Goal of the exercise:
Reproduce the whole listing below without its pictures, exactly as written.

---- Source material

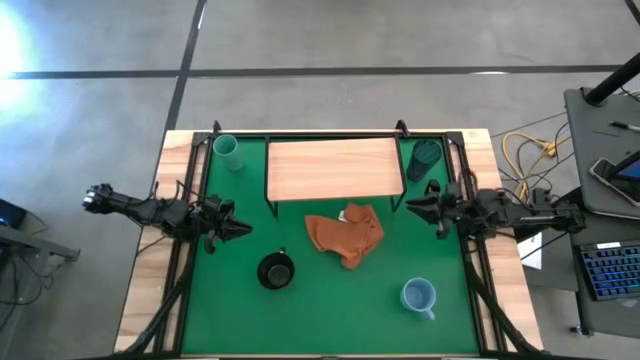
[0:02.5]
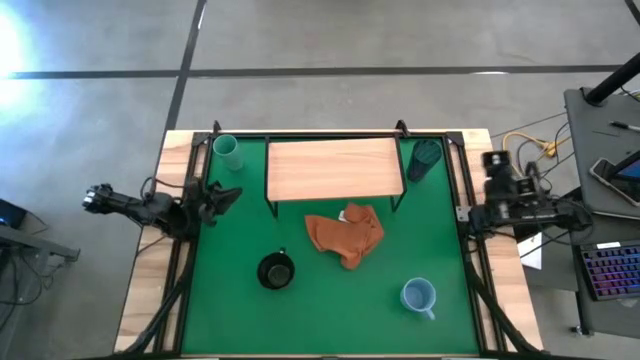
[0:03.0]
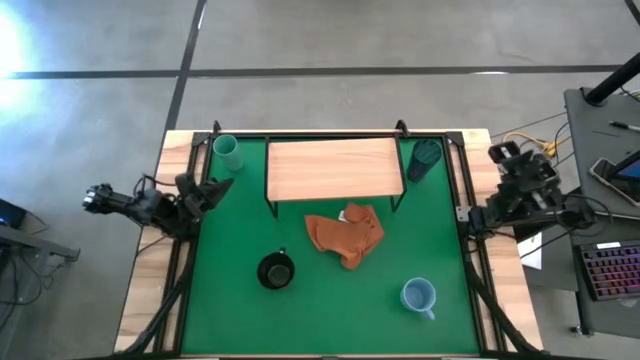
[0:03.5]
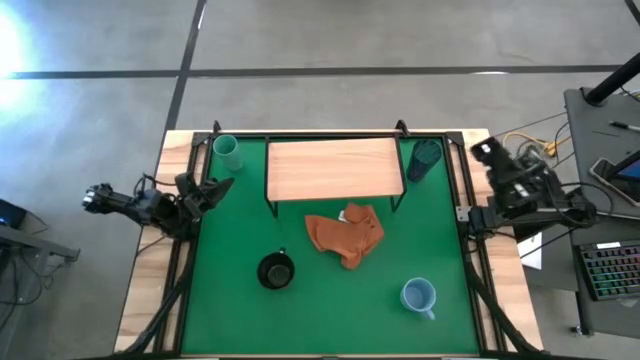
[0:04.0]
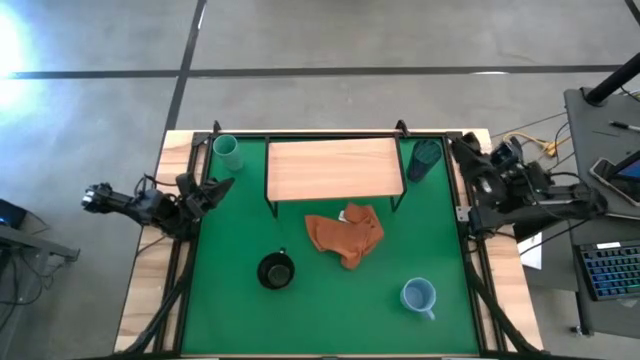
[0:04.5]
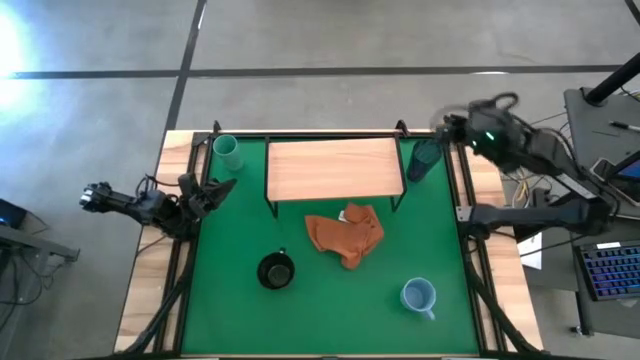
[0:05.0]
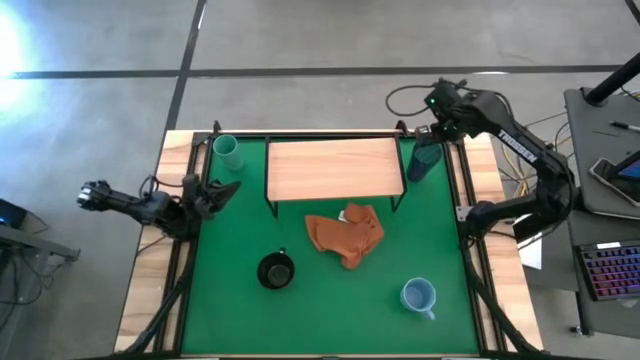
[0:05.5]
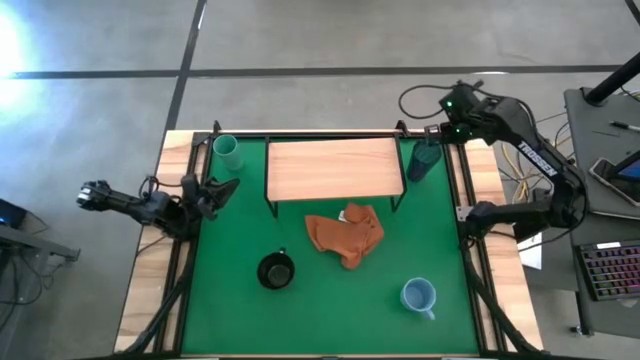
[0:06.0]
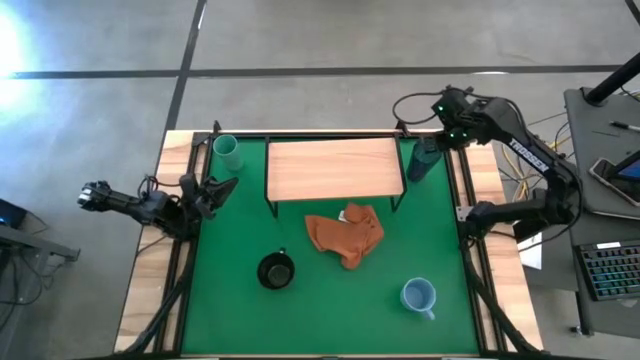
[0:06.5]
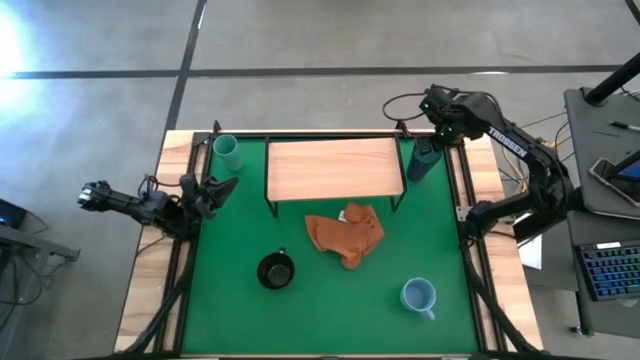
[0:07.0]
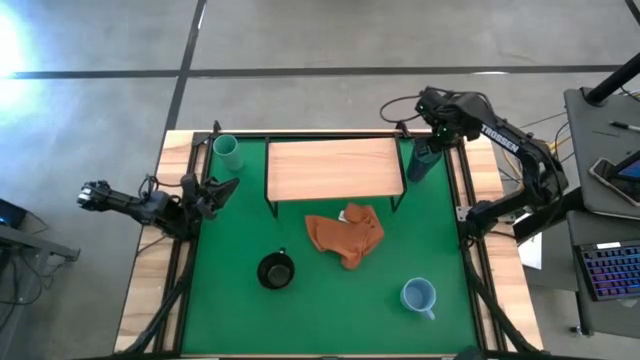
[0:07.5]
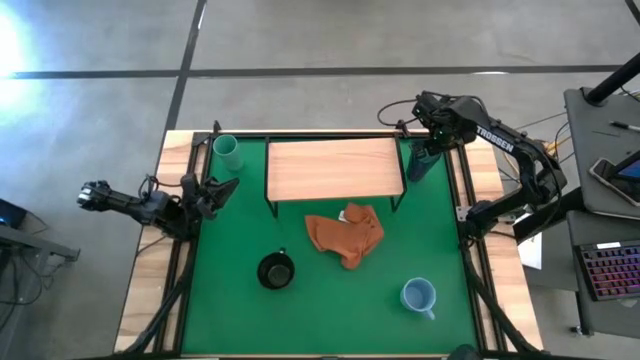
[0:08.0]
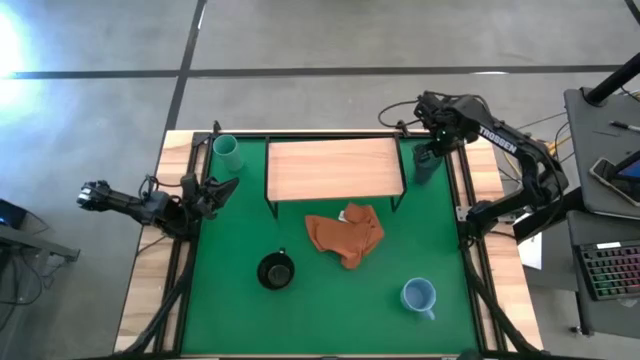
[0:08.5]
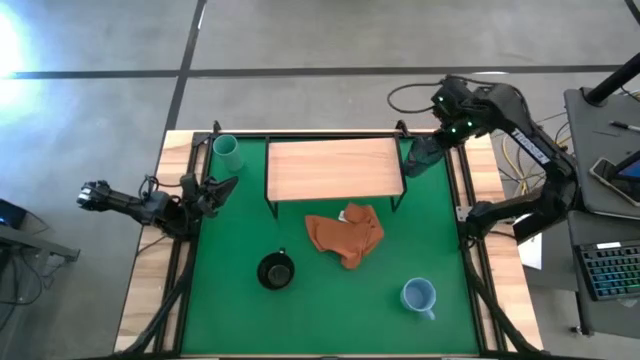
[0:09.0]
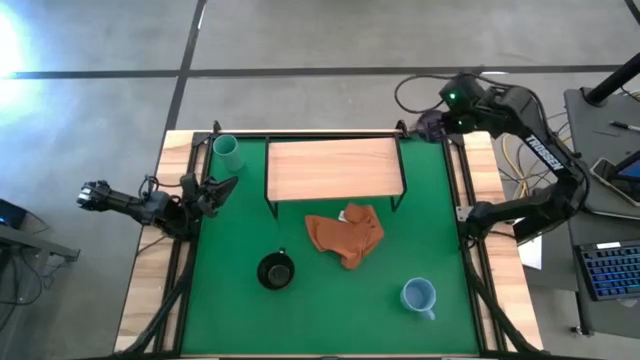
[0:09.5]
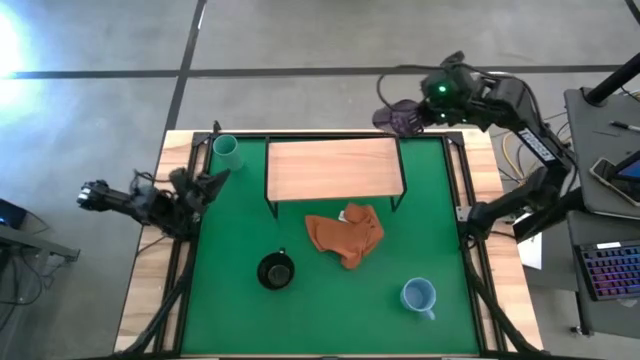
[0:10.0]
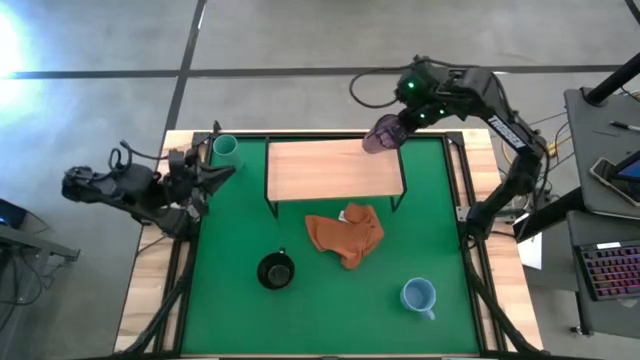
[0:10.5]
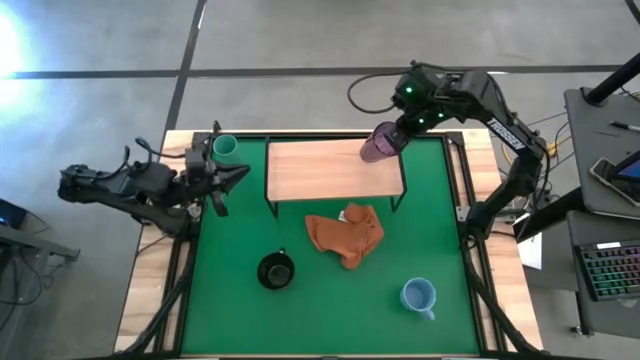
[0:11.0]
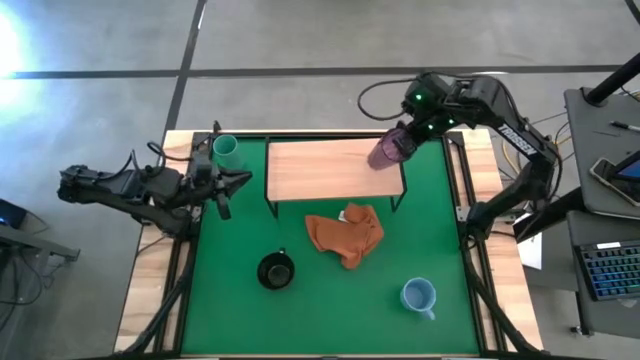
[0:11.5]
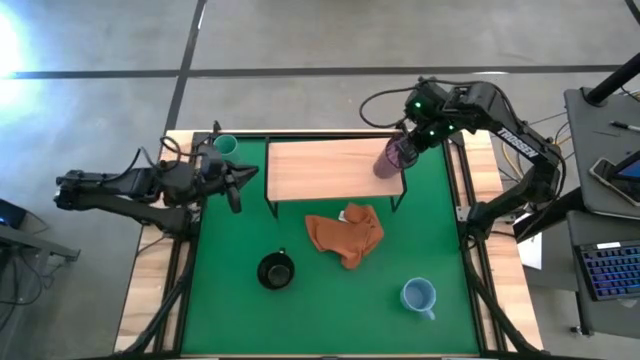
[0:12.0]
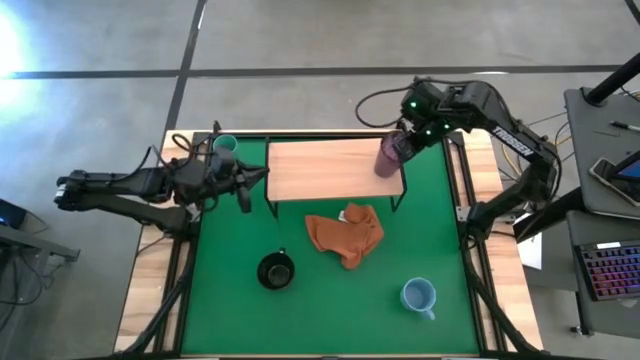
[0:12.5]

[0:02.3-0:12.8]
Task: Stack small to large cups/mugs on shelf
Put the violet cup on the shelf

--------

Solution:
[0:02.5]
[0:03.0]
[0:03.5]
[0:04.0]
[0:04.5]
[0:05.0]
[0:05.5]
[0:06.0]
[0:06.5]
[0:07.0]
[0:07.5]
[0:08.0]
[0:08.5]
[0:09.0]
[0:09.5]
[0:10.0]
[0:10.5]
[0:11.0]
[0:11.5]
[0:12.0]
[0:12.5]

[0:02.3-0:12.8]
Task: Stack small to large cups/mugs on shelf
Put the violet cup on the shelf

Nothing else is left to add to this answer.